Leave the pictures out and give every entry again exactly.

- Opening Delimiter -

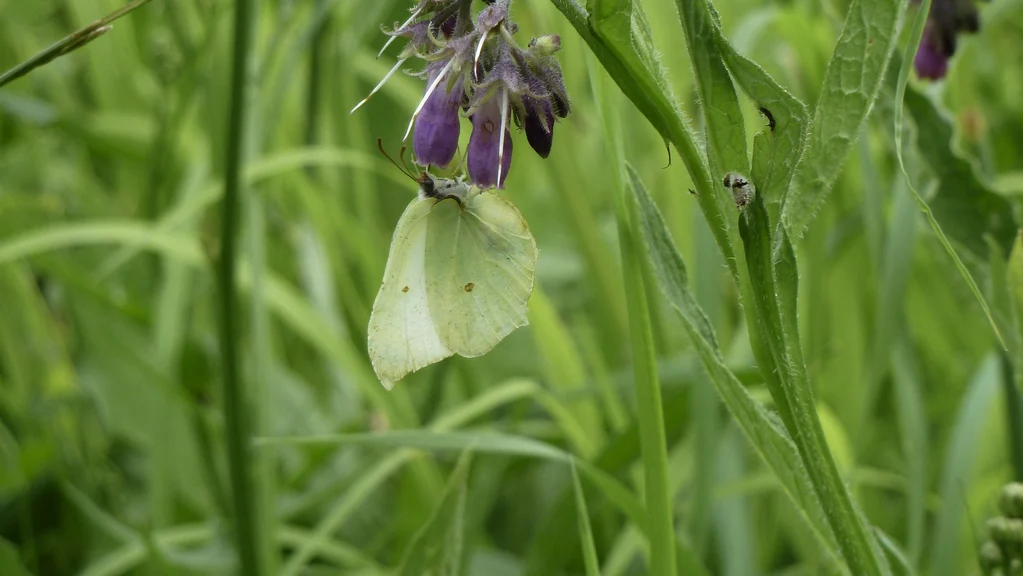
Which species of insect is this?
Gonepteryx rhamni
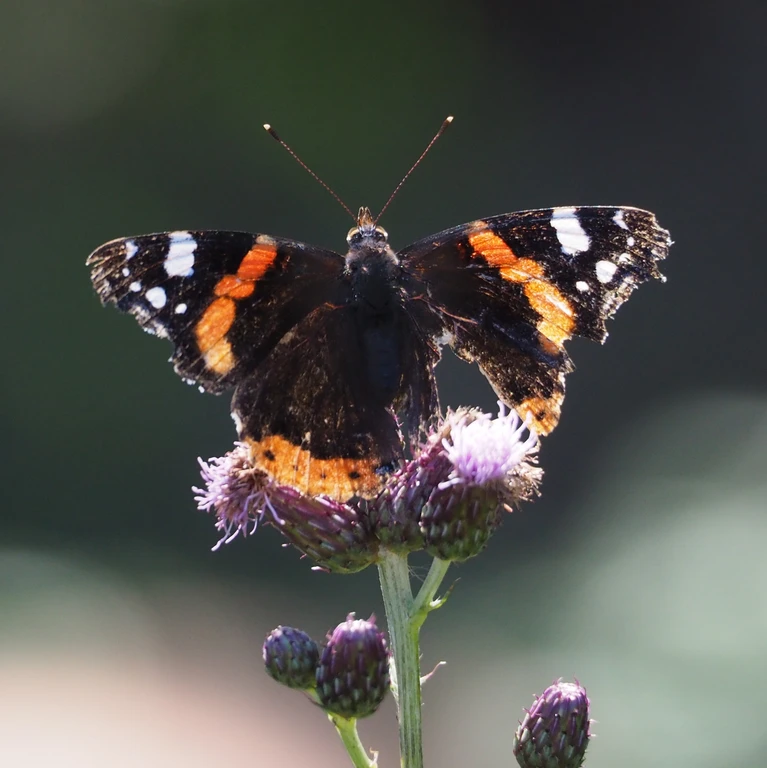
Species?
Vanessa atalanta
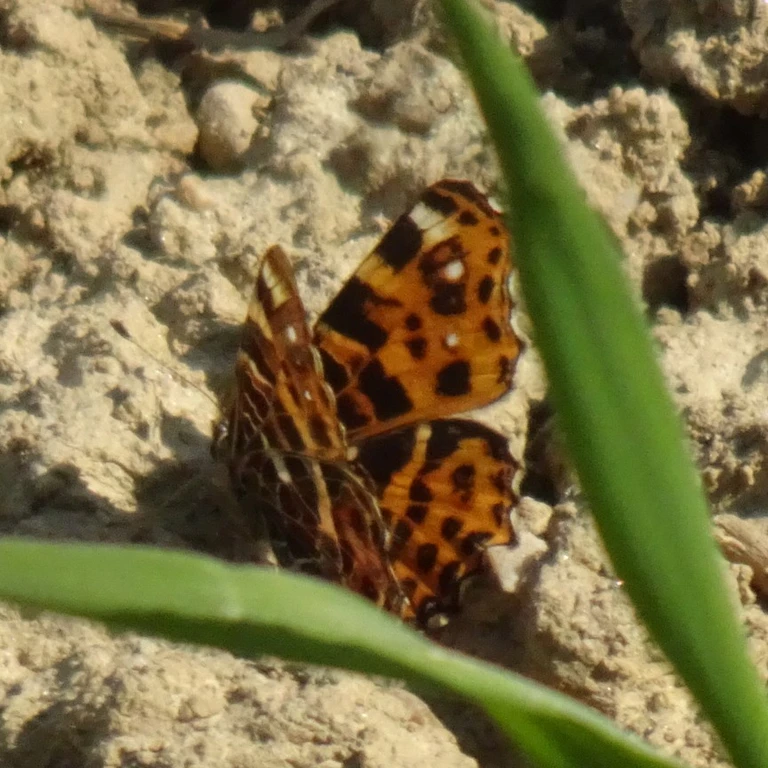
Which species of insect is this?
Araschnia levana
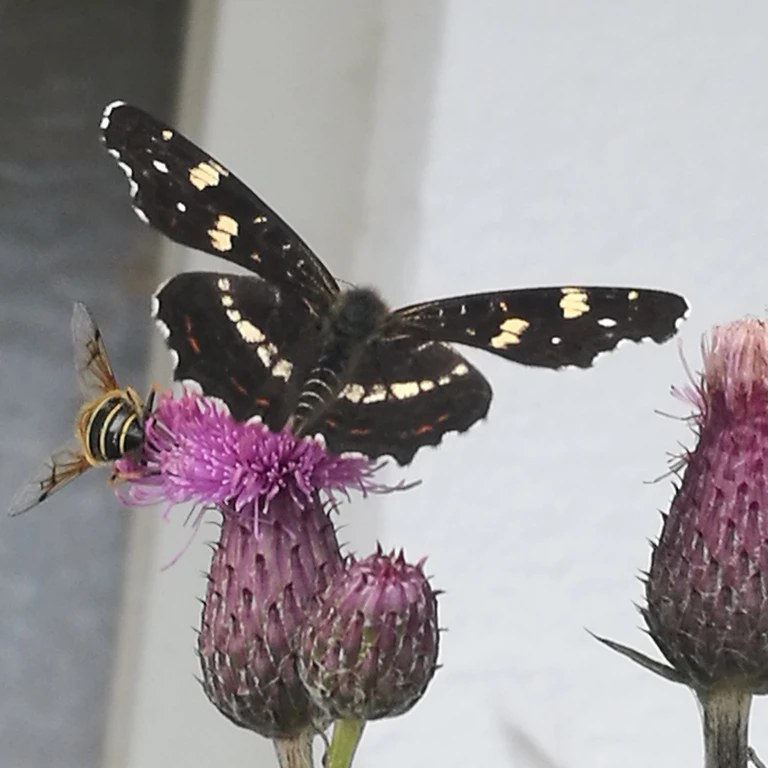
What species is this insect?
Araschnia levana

- Closing Delimiter -

## EXERCISE OUTPUT
Which species of insect is this?
Gonepteryx rhamni
Species?
Vanessa atalanta
Which species of insect is this?
Araschnia levana
What species is this insect?
Araschnia levana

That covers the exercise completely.